2. Two novel, custom precision methods (i.e. algorithmic modifications) for PT, which allow the use of reduced precision in parts of the algorithm and thus lead to reduced runtimes (Section 3.3.2). Both methods guarantee that the use of reduced precision does not affect sampling qual- ity, i.e. does not introduce error in the Monte Carlo estimate of Equation (2.8). Instead, by reducing precision, the mixing of the PT algorithm is affected, allowing for a trade-off between raw speedup and mixing. The first method uses a weighting scheme to correct errors (Weighted PT - WPT). The second method uses custom precision in parts of the algorithm which do not affect output accuracy (Mixed-Precision PT - MPPT). A theoretical proof that MPPT maintains the detailed balance condition (which is necessary to guarantee convergence to the correct tar- get distribution) is presented. WPT is guaranteed to converge to the correct target distribution

because it is essentially an Importance Sampling (IS) method. All necessary conditions for IS to sample from the correct distribution apply in the WPT case by design.

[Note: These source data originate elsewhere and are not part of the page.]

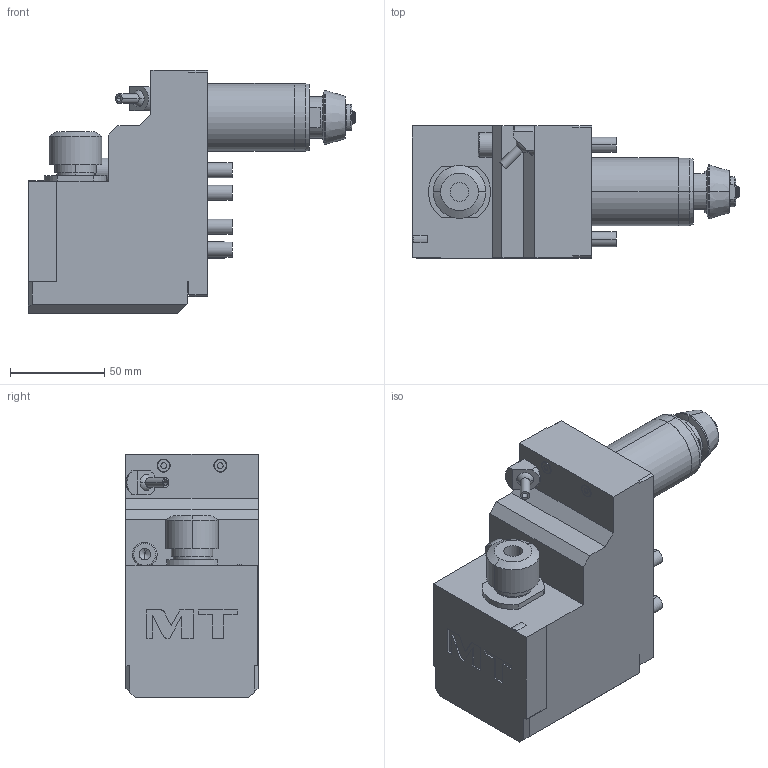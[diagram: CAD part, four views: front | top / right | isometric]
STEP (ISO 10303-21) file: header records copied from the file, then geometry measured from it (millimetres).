
FILE_DESCRIPTION((''),'2;1');
FILE_NAME('CTZ0010116_CONF','2024-12-13T14:30:53',('fpalella'),('M.T. srl'),'CREO PARAMETRIC BY PTC INC, 2023352','CREO PARAMETRIC BY PTC INC, 2023352','');
FILE_SCHEMA(('CONFIG_CONTROL_DESIGN'));
Length unit declared in the file: millimetre
Products named in the file (1): CTZ0010116_CONF
Bounding box: 173.5 x 70 x 129 mm (x, y, z)
Volume: 708053.6 mm3; surface area: 62677.1 mm2
Topology: 1 solids, 1 shells, 188 faces, 451 edges, 292 vertices
Faces by surface type: plane 97, cylinder 54, cone 27, torus 6, sphere 2, extrusion 2
Entity records: 5772 total; most frequent: CARTESIAN_POINT 1279, DIRECTION 940, ORIENTED_EDGE 898, EDGE_CURVE 449, AXIS2_PLACEMENT_3D 333, VERTEX_POINT 292, VECTOR 274, LINE 272
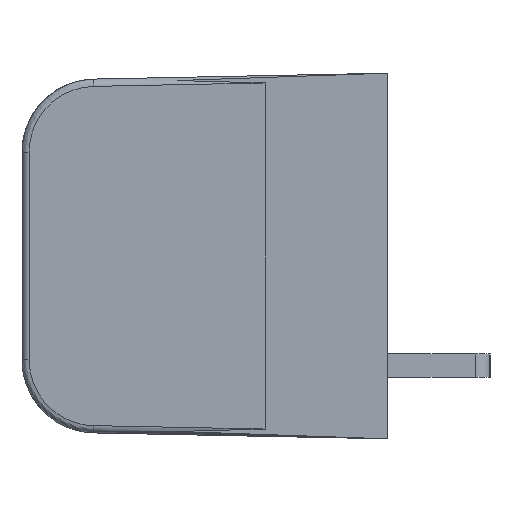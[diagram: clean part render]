
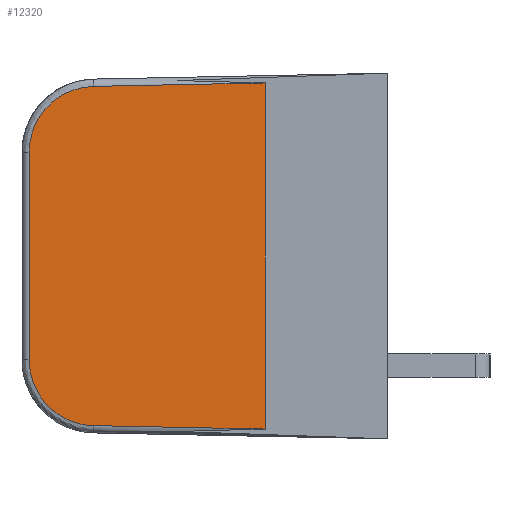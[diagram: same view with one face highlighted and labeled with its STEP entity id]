
A CAD part, left-side view. The second image highlights one B-rep face of the part: STEP entity #12320.
In plain terms, the highlighted planar face has unit normal (-1, 0.02, 0).
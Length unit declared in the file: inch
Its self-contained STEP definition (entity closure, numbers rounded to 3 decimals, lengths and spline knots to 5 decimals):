
#2718=CARTESIAN_POINT('',(-1.33415,0.16755,
0.23665));
#2747=DIRECTION('',(0.02,1.,-0.02));
#2748=VECTOR('',#2747,0.23454);
#2749=CARTESIAN_POINT('',(-1.33415,0.16755,
0.23665));
#2750=LINE('',#2749,#2748);
#2751=DIRECTION('',(0.02,1.,0.02));
#2752=VECTOR('',#2751,0.23454);
#2753=CARTESIAN_POINT('',(-1.33415,0.16755,
-0.23665));
#2754=LINE('',#2753,#2752);
#2755=CARTESIAN_POINT('',(-1.3277,0.4902,
-0.14198));
#2756=CARTESIAN_POINT('',(-1.3277,0.4902,
-0.14457));
#2757=CARTESIAN_POINT('',(-1.3277,0.48998,
-0.14973));
#2758=CARTESIAN_POINT('',(-1.32772,0.48898,
-0.15743));
#2759=CARTESIAN_POINT('',(-1.32775,0.48732,
-0.16501));
#2760=CARTESIAN_POINT('',(-1.3278,0.48501,
-0.17242));
#2761=CARTESIAN_POINT('',(-1.32786,0.48208,
-0.1796));
#2762=CARTESIAN_POINT('',(-1.32793,0.47854,
-0.18651));
#2763=CARTESIAN_POINT('',(-1.32801,0.47442,
-0.19309));
#2764=CARTESIAN_POINT('',(-1.32811,0.46974,
-0.19928));
#2765=CARTESIAN_POINT('',(-1.32821,0.46456,
-0.20505));
#2766=CARTESIAN_POINT('',(-1.32832,0.45889,
-0.21036));
#2767=CARTESIAN_POINT('',(-1.32844,0.45279,
-0.21516));
#2768=CARTESIAN_POINT('',(-1.32857,0.44629,
-0.21941));
#2769=CARTESIAN_POINT('',(-1.32871,0.43946,
-0.22309));
#2770=CARTESIAN_POINT('',(-1.32885,0.43233,
-0.22617));
#2771=CARTESIAN_POINT('',(-1.329,0.42497,
-0.22862));
#2772=CARTESIAN_POINT('',(-1.32915,0.41742,
-0.23043));
#2773=CARTESIAN_POINT('',(-1.32931,0.40974,
-0.23158));
#2774=CARTESIAN_POINT('',(-1.32941,0.40459,
-0.23191));
#2775=CARTESIAN_POINT('',(-1.32946,0.402,
-0.23196));
#2777=DIRECTION('',(0.,0.,1.));
#2778=VECTOR('',#2777,0.28396);
#2779=CARTESIAN_POINT('',(-1.3277,0.4902,
-0.14198));
#2780=LINE('',#2779,#2778);
#2781=CARTESIAN_POINT('',(-1.32946,0.402,
0.23196));
#2782=CARTESIAN_POINT('',(-1.32941,0.40459,
0.23191));
#2783=CARTESIAN_POINT('',(-1.32931,0.40974,
0.23158));
#2784=CARTESIAN_POINT('',(-1.32915,0.41742,
0.23043));
#2785=CARTESIAN_POINT('',(-1.329,0.42497,
0.22862));
#2786=CARTESIAN_POINT('',(-1.32885,0.43233,
0.22617));
#2787=CARTESIAN_POINT('',(-1.32871,0.43946,
0.22309));
#2788=CARTESIAN_POINT('',(-1.32857,0.44629,
0.21941));
#2789=CARTESIAN_POINT('',(-1.32844,0.45279,
0.21516));
#2790=CARTESIAN_POINT('',(-1.32832,0.45889,
0.21036));
#2791=CARTESIAN_POINT('',(-1.32821,0.46456,
0.20506));
#2792=CARTESIAN_POINT('',(-1.32811,0.46974,
0.19928));
#2793=CARTESIAN_POINT('',(-1.32801,0.47442,
0.19309));
#2794=CARTESIAN_POINT('',(-1.32793,0.47854,
0.18651));
#2795=CARTESIAN_POINT('',(-1.32786,0.48208,
0.1796));
#2796=CARTESIAN_POINT('',(-1.3278,0.48501,
0.17242));
#2797=CARTESIAN_POINT('',(-1.32775,0.48732,
0.16501));
#2798=CARTESIAN_POINT('',(-1.32772,0.48898,
0.15743));
#2799=CARTESIAN_POINT('',(-1.3277,0.48998,
0.14973));
#2800=CARTESIAN_POINT('',(-1.3277,0.4902,
0.14457));
#2801=CARTESIAN_POINT('',(-1.3277,0.4902,
0.14198));
#2807=DIRECTION('',(0.,0.,1.));
#2808=VECTOR('',#2807,0.4733);
#2809=CARTESIAN_POINT('',(-1.33415,0.16755,
-0.23665));
#2810=LINE('',#2809,#2808);
#2815=CARTESIAN_POINT('',(-1.33415,0.16755,
-0.23665));
#7573=CARTESIAN_POINT('',(-1.32946,0.402,
-0.23196));
#7574=VERTEX_POINT('',#7573);
#7575=VERTEX_POINT('',#2815);
#7578=CARTESIAN_POINT('',(-1.3277,0.4902,
0.14198));
#7579=VERTEX_POINT('',#7578);
#7580=CARTESIAN_POINT('',(-1.3277,0.4902,
-0.14198));
#7581=VERTEX_POINT('',#7580);
#7582=CARTESIAN_POINT('',(-1.32946,0.402,
0.23196));
#7583=VERTEX_POINT('',#7582);
#7586=VERTEX_POINT('',#2718);
#12303=CARTESIAN_POINT('',(-1.3325,0.25,0.));
#12304=DIRECTION('',(1.,-0.02,0.));
#12305=DIRECTION('',(0.,0.,-1.));
#12306=AXIS2_PLACEMENT_3D('',#12303,#12304,#12305);
#12307=PLANE('',#12306);
#12308=ORIENTED_EDGE('',*,*,#12196,.F.);
#12310=ORIENTED_EDGE('',*,*,#12309,.F.);
#12312=ORIENTED_EDGE('',*,*,#12311,.T.);
#12314=ORIENTED_EDGE('',*,*,#12313,.F.);
#12316=ORIENTED_EDGE('',*,*,#12315,.T.);
#12317=ORIENTED_EDGE('',*,*,#12296,.F.);
#12318=EDGE_LOOP('',(#12308,#12310,#12312,#12314,#12316,#12317));
#12319=FACE_OUTER_BOUND('',#12318,.F.);
#12320=ADVANCED_FACE('',(#12319),#12307,.F.);
#2776=B_SPLINE_CURVE_WITH_KNOTS('',3,(#2755,#2756,#2757,#2758,#2759,#2760,#2761,
#2762,#2763,#2764,#2765,#2766,#2767,#2768,#2769,#2770,#2771,#2772,#2773,#2774,
#2775),.UNSPECIFIED.,.F.,.F.,(4,1,1,1,1,1,1,1,1,1,1,1,1,1,1,1,1,1,4),(0.,
0.05556,0.11111,0.16667,0.22222,
0.27778,0.33333,0.38889,0.44444,0.5,
0.55556,0.61111,0.66667,0.72222,
0.77778,0.83333,0.88889,0.94444,1.),
.UNSPECIFIED.);
#2802=B_SPLINE_CURVE_WITH_KNOTS('',3,(#2781,#2782,#2783,#2784,#2785,#2786,#2787,
#2788,#2789,#2790,#2791,#2792,#2793,#2794,#2795,#2796,#2797,#2798,#2799,#2800,
#2801),.UNSPECIFIED.,.F.,.F.,(4,1,1,1,1,1,1,1,1,1,1,1,1,1,1,1,1,1,4),(0.,
0.05556,0.11111,0.16667,0.22222,
0.27778,0.33333,0.38889,0.44444,0.5,
0.55556,0.61111,0.66667,0.72222,
0.77778,0.83333,0.88889,0.94444,1.),
.UNSPECIFIED.);
#12196=EDGE_CURVE('',#7586,#7583,#2750,.T.);
#12296=EDGE_CURVE('',#7583,#7579,#2802,.T.);
#12309=EDGE_CURVE('',#7575,#7586,#2810,.T.);
#12311=EDGE_CURVE('',#7575,#7574,#2754,.T.);
#12313=EDGE_CURVE('',#7581,#7574,#2776,.T.);
#12315=EDGE_CURVE('',#7581,#7579,#2780,.T.);

3. Two tailored architectures which map the two custom precision methods to an FPGA, taking advantage of reduced precision to improve performance (Section 3.3.3). These accelerators offer further speedups of up to 6.5x over the baseline (double precision) FPGA accelerator. The two custom precision methods are also mapped to a CPU and a GPU, delivering speedups of up to 1.4x and 3.2x respectively over the double precision samplers.

4. A precision optimization process for WPT and MPPT on FPGAs, which is able to find the precision configuration which maximizes effective sampling throughput, defined later in the text (Section 3.6.4). The optimization process takes advantage of the trade-off between speedup and mixing to deliver maximum effective performance.

The performance of the various accelerators is evaluated using a case study representative of the types of problems that PT is applied to: Bayesian inference on a mixture model [40, 16]. This case study leads to a multi-modal posterior. An investigation of the way the performance of the accelerators scales with the size of the chain population, the size of the data set and the size of the hardware device is also presented. Finally, results on the power efficiency of each accelerator are included (Section 3.6.3).